**ASSIGNMENT:** From the entries below, determine the number of lines that contain "Which". Give that number by itself.

**EXTRACTED ENTRIES:**
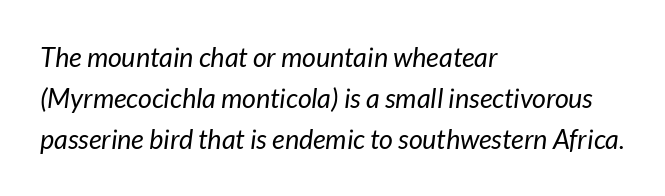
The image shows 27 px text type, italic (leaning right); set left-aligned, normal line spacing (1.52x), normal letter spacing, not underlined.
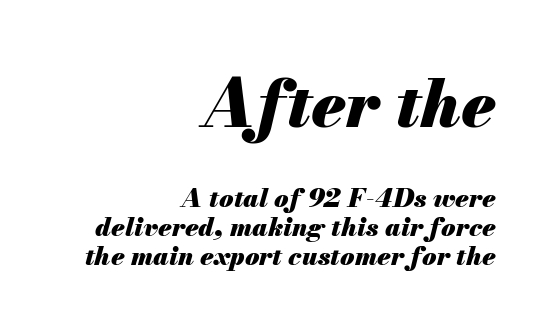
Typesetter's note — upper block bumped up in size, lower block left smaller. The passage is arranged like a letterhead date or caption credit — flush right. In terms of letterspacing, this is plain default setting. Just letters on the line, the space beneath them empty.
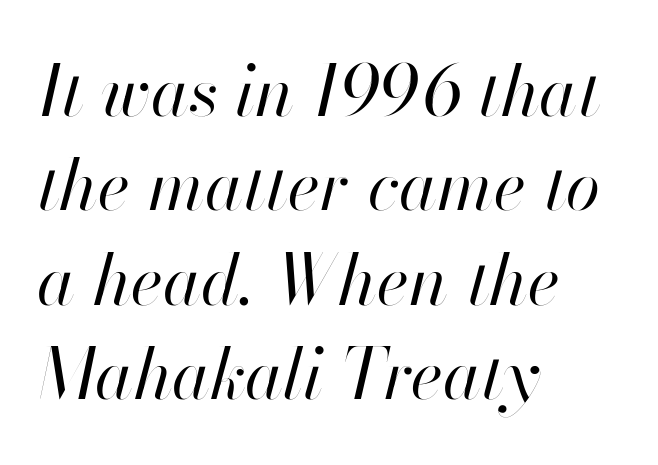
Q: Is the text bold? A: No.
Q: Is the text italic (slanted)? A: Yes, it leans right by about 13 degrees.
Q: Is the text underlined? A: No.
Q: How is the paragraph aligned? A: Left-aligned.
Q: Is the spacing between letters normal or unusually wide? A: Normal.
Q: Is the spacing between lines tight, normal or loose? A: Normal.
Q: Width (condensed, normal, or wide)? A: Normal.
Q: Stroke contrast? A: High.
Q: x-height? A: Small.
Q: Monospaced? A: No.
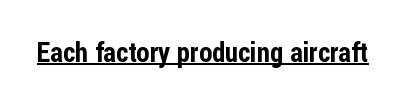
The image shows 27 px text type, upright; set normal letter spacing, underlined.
...
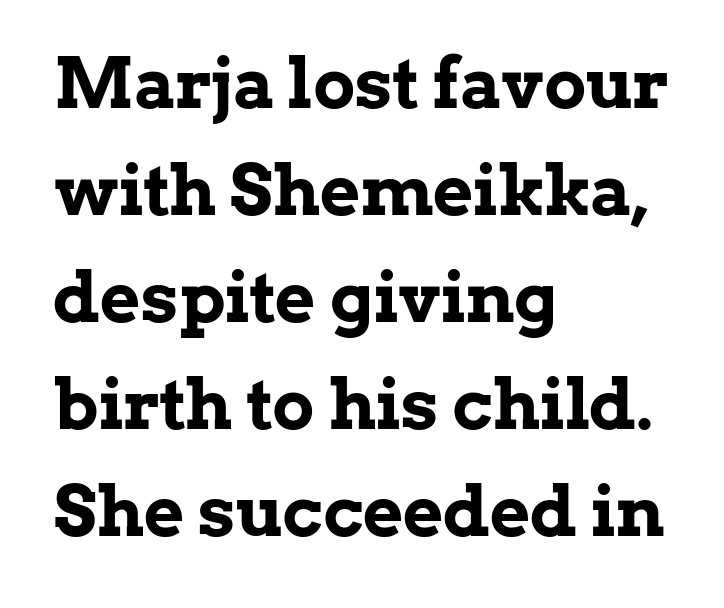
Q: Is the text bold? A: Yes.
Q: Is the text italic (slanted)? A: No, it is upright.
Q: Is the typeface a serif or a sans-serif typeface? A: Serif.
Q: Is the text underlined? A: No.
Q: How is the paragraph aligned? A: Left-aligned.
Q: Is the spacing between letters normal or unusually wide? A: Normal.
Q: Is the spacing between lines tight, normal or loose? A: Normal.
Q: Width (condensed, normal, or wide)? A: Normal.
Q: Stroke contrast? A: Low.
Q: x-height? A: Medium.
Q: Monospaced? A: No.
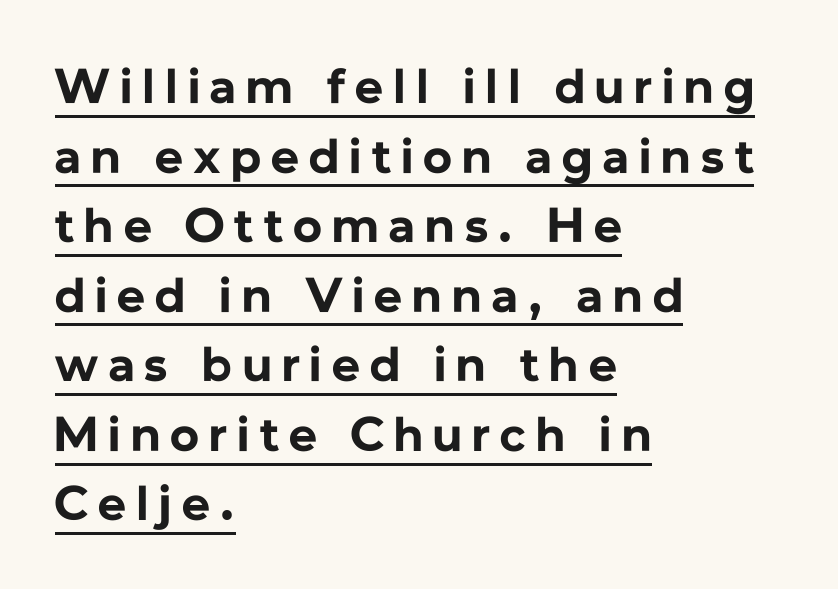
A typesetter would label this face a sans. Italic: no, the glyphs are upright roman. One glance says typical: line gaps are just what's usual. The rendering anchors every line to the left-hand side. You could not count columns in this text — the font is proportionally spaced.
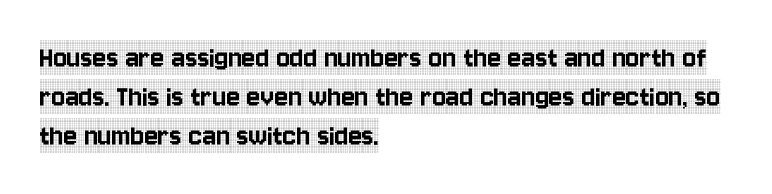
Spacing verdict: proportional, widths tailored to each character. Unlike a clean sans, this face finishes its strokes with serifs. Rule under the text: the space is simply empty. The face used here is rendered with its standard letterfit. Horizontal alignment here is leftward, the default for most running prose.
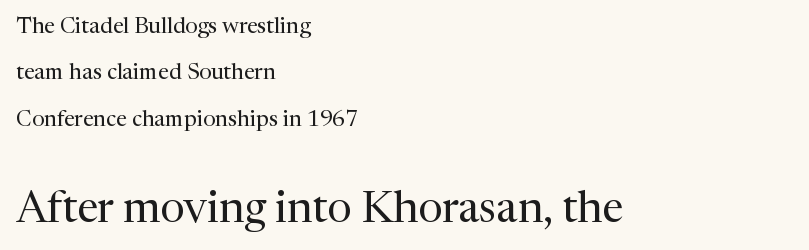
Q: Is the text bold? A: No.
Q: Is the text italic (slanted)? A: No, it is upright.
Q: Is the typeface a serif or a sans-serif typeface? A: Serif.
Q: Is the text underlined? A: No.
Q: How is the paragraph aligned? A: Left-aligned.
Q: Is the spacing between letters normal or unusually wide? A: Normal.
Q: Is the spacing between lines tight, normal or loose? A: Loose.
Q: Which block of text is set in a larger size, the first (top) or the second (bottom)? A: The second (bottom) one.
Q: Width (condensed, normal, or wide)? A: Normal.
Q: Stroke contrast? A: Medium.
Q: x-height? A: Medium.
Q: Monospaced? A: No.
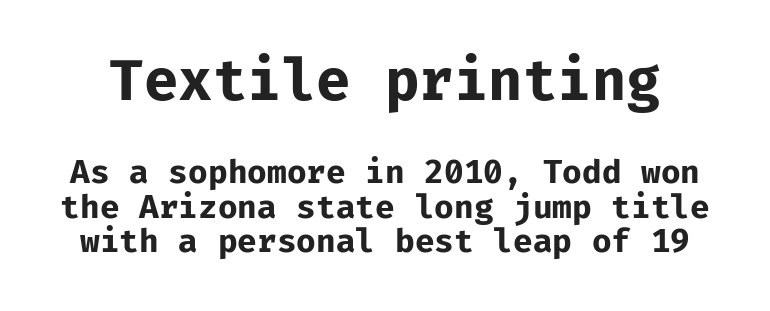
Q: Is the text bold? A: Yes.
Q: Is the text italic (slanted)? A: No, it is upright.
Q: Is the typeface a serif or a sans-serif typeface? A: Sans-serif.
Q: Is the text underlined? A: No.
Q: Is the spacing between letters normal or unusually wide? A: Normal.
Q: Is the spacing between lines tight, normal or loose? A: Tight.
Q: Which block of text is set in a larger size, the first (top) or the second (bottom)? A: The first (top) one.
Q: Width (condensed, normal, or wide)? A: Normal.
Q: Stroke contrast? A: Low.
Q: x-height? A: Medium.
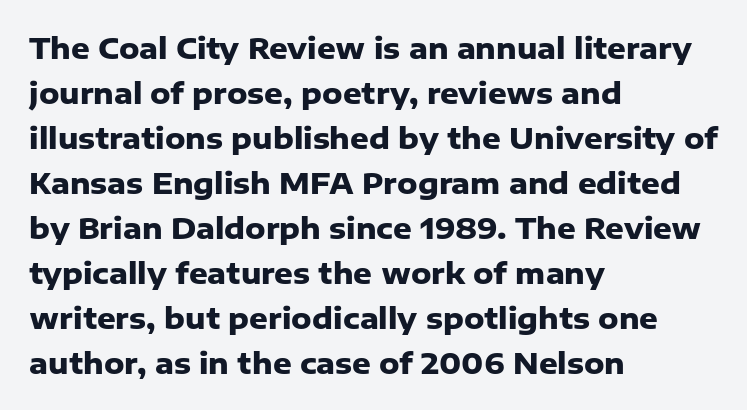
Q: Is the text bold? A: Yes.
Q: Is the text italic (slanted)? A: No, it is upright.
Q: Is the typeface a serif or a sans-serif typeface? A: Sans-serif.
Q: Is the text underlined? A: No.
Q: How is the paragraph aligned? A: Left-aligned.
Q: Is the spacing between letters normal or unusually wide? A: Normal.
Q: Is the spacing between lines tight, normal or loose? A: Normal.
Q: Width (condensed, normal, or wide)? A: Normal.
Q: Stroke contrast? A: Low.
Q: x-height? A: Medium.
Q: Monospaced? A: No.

**RESULT FOR THIS TASK:** 2